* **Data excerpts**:
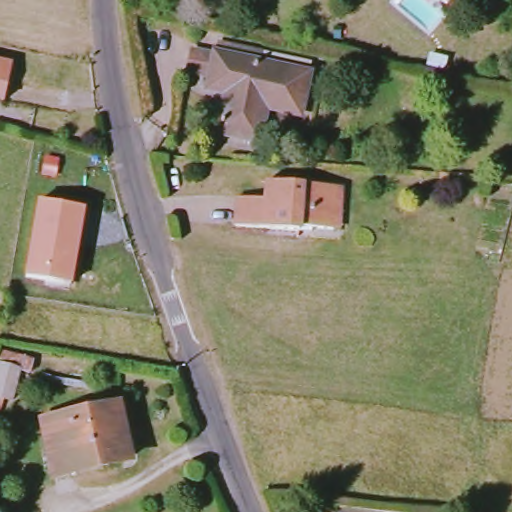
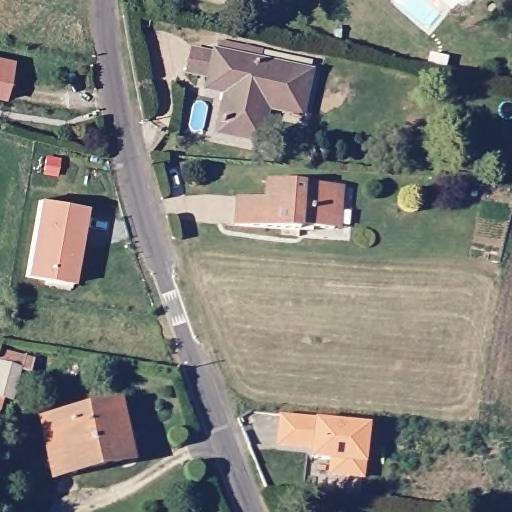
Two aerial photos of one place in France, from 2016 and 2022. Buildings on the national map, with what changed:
unchanged [(213,131),(222,88),(208,85),(209,79),(188,73),(193,47),(228,55),(230,46),(262,53),(261,62),(310,72),(300,114),(265,107),(258,140),(213,131)]
unchanged [(0,102),(0,64),(12,66),(5,102),(0,102)]
unchanged [(337,231),(330,230),(295,228),(295,232),(232,228),(235,198),(267,200),(268,182),(332,186),(340,187),(337,231)]
unchanged [(70,285),(23,275),(37,199),(85,207),(70,285)]
unchanged [(13,389),(11,397),(0,394),(0,363),(20,368),(13,389)]
unchanged [(130,462),(55,477),(40,417),(112,402),(117,401),(117,403),(130,462)]
new [(327,476),(328,462),(310,460),(311,452),(275,447),(279,415),(315,420),(370,425),(365,466),(362,480),(327,476)]

* **Exercise objective**:
Could the entries above be restated word for word, with the pictures left out?

* **Solution below**:
Two aerial photos of one place in France, from 2016 and 2022. Buildings on the national map, with what changed:
unchanged [(213,131),(222,88),(208,85),(209,79),(188,73),(193,47),(228,55),(230,46),(262,53),(261,62),(310,72),(300,114),(265,107),(258,140),(213,131)]
unchanged [(0,102),(0,64),(12,66),(5,102),(0,102)]
unchanged [(337,231),(330,230),(295,228),(295,232),(232,228),(235,198),(267,200),(268,182),(332,186),(340,187),(337,231)]
unchanged [(70,285),(23,275),(37,199),(85,207),(70,285)]
unchanged [(13,389),(11,397),(0,394),(0,363),(20,368),(13,389)]
unchanged [(130,462),(55,477),(40,417),(112,402),(117,401),(117,403),(130,462)]
new [(327,476),(328,462),(310,460),(311,452),(275,447),(279,415),(315,420),(370,425),(365,466),(362,480),(327,476)]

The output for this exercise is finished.